# 7-string electric flying V... violin?



## TomAwesome (Sep 11, 2009)

I'm not sure if this is the right forum, but it was the most appropriate one I could see. I just saw this on eBay and thought it was pretty interesting. It's fretted, too! Interesting idea with the chest support system, too.

Wood Electric String Violin (7 string) - eBay (item 280394903573 end time Sep-15-09 07:27:52 PDT)


----------



## SpaceDock (Sep 11, 2009)




----------



## hufschmid (Sep 11, 2009)

nice awesome, thats Mark Wood's violin 

http://www.markwoodmusic.com/index2.html


----------



## Apophis (Sep 11, 2009)

interesting


----------



## MF_Kitten (Sep 11, 2009)

i remember seeing the website for these. they are shredder-style instruments that go higher than a violin and lower than a cello


----------



## hufschmid (Sep 11, 2009)

Mark Wood is like the Alice Cooper of electric violin, this guy has always been there, I was a little kid when he started to perform on an electric violin...


----------



## sPliNtEr_777 (Sep 11, 2009)

Im pretty sure if I could play it, I would buy it.


----------



## troyguitar (Sep 13, 2009)

I've wanted one since I first saw him playing with the TSO, but they're too expensive for someone who sucks as much at violin as me


----------



## Xiphos68 (Sep 13, 2009)

That man is awesome live with Trans Siberian Orchestra!!!
I've meet him once too. Got his autograph win.


----------



## ghoti (Sep 13, 2009)

What I wish is that there were a way for me to play one and see if my arm gets ripped out of its socket the way an ordinary violin does.
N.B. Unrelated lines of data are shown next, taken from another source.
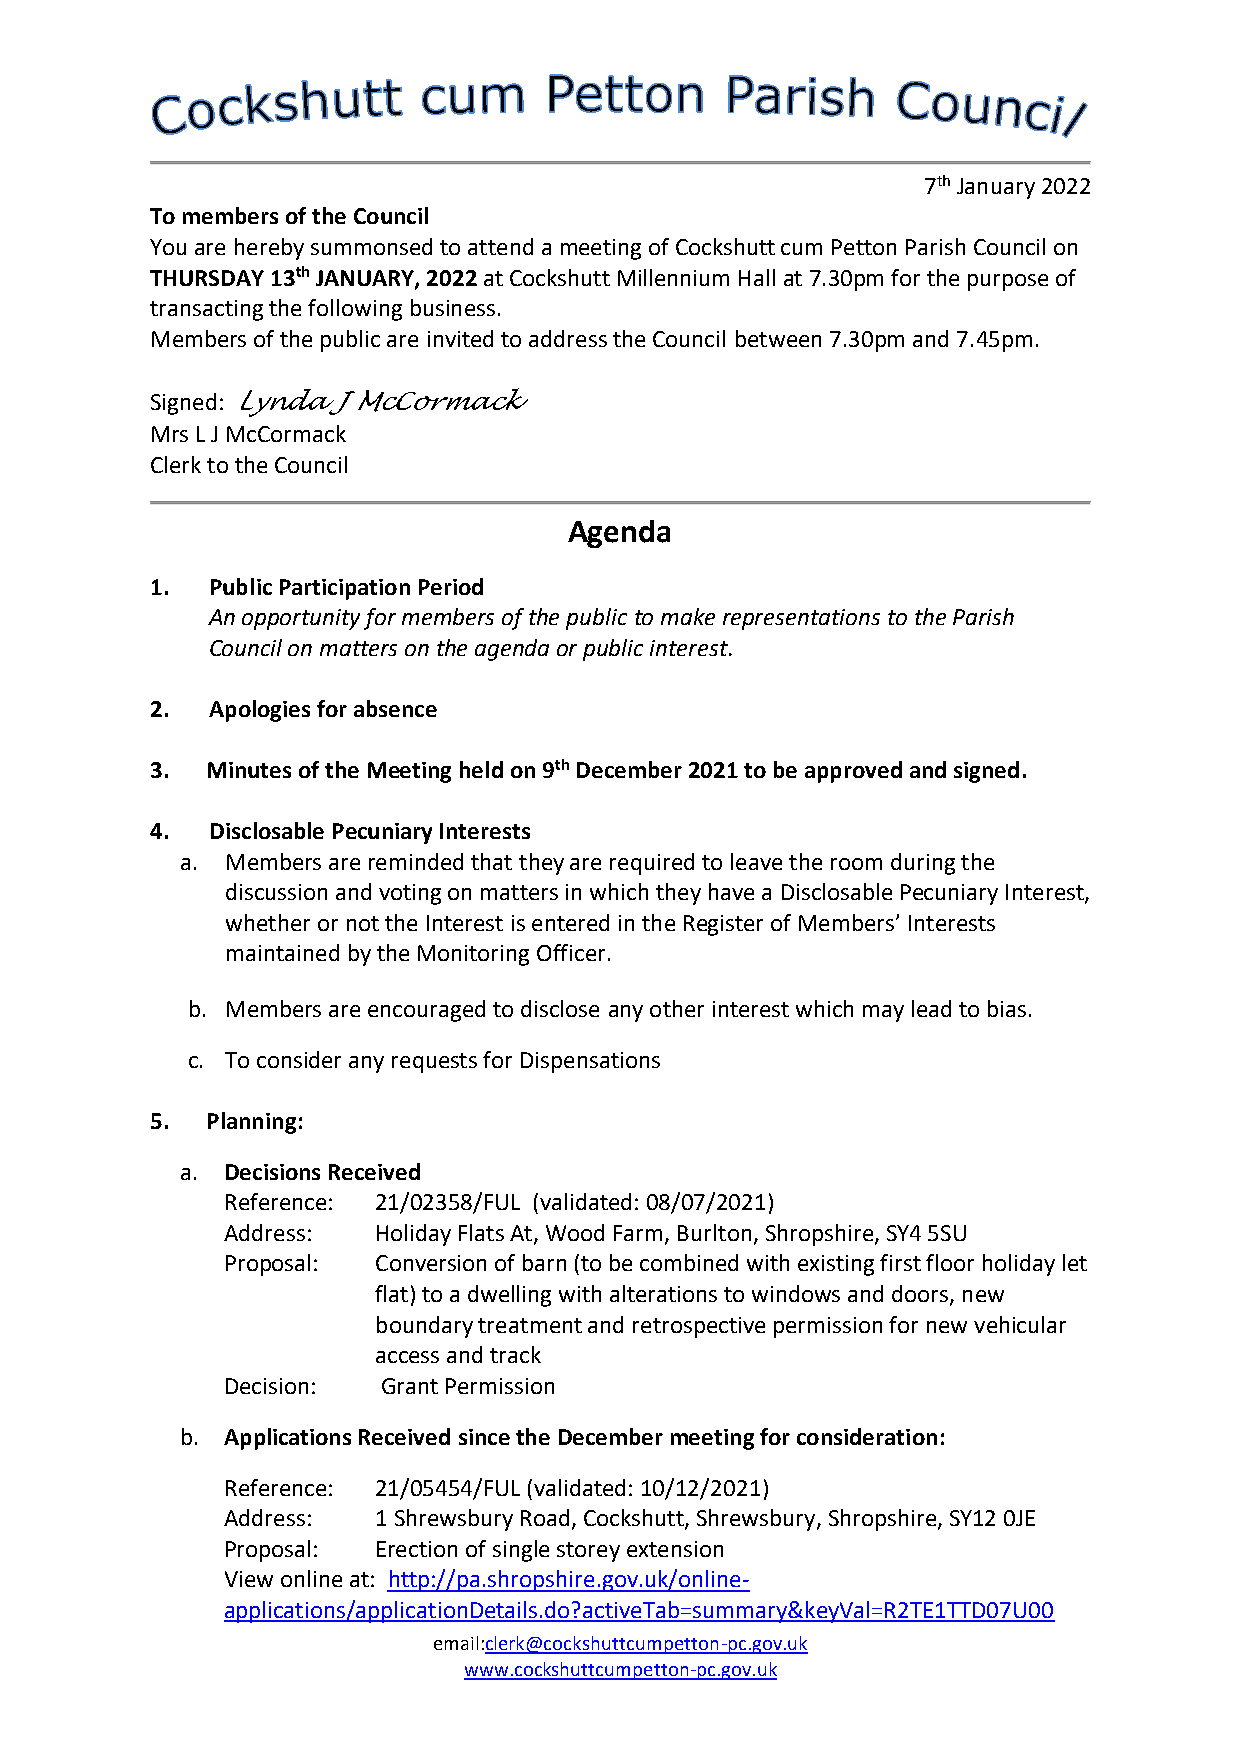
7th January 2022
 To members of the Council
 You are hereby summonsed to attend a meeting of Cockshutt cum Petton Parish Council on
 THURSDAY 13th JANUARY, 2022 at Cockshutt Millennium Hall at 7.30pm for the purpose of
 transacting the following business.
 Members of the public are invited to address the Council between 7.30pm and 7.45pm.
 Signed: Lynda J McCormack
 Mrs L J McCormack
 Clerk to the Council
 Agenda
 1.  Public Participation Period
 An opportunity for members of the public to make representations to the Parish
 Council on matters on the agenda or public interest.
 2.  Apologies for absence
 3.  Minutes of the Meeting held on 9th December 2021 to be approved and signed.
 4.  Disclosable Pecuniary Interests
 a. Members are reminded that they are required to leave the room during the
 discussion and voting on matters in which they have a Disclosable Pecuniary Interest,
 whether or not the Interest is entered in the Register of Members’ Interests
 maintained by the Monitoring Officer.
 b. Members are encouraged to disclose any other interest which may lead to bias.
 c. To consider any requests for Dispensations
 5.  Planning:
 a. Decisions Received
 Reference: 21/02358/FUL (validated: 08/07/2021)
 Address:  Holiday Flats At, Wood Farm, Burlton, Shropshire, SY4 5SU
 Proposal: Conversion of barn (to be combined with existing first floor holiday let
 flat) to a dwelling with alterations to windows and doors, new
 boundary treatment and retrospective permission for new vehicular
 access and track
 Decision: Grant Permission
 b. Applications Received since the December meeting for consideration:
 Reference: 21/05454/FUL (validated: 10/12/2021)
 Address:  1 Shrewsbury Road, Cockshutt, Shrewsbury, Shropshire, SY12 0JE
 Proposal: Erection of single storey extension
 View online at: http://pa.shropshire.gov.uk/online-
 applications/applicationDetails.do?activeTab=summary&keyVal=R2TE1TTD07U00
 email:clerk@cockshuttcumpetton-pc.gov.uk
 www.cockshuttcumpetton-pc.gov.uk

No frets, though; on a violin, fitting fingers on the notes is hard enough.


----------



## All_¥our_Bass (Sep 14, 2009)

I'd play one.


----------



## emguitars (Sep 17, 2009)

Hell, I BUILT one!


----------



## troyguitar (Sep 17, 2009)

That is awesome! Do you have more pictures of that?


----------



## lefty robb (Sep 18, 2009)

Mark Wood = Win.


----------



## emguitars (Sep 18, 2009)

troyguitar said:


> That is awesome! Do you have more pictures of that?



Yeah, here you go!


----------



## All_¥our_Bass (Sep 19, 2009)

^Because It's headless I can't help but think of Steinberger.


----------



## troyguitar (Sep 19, 2009)

I now know what I plan to build next year, that is a great idea. 

Are those regular guitar tuning machines?


----------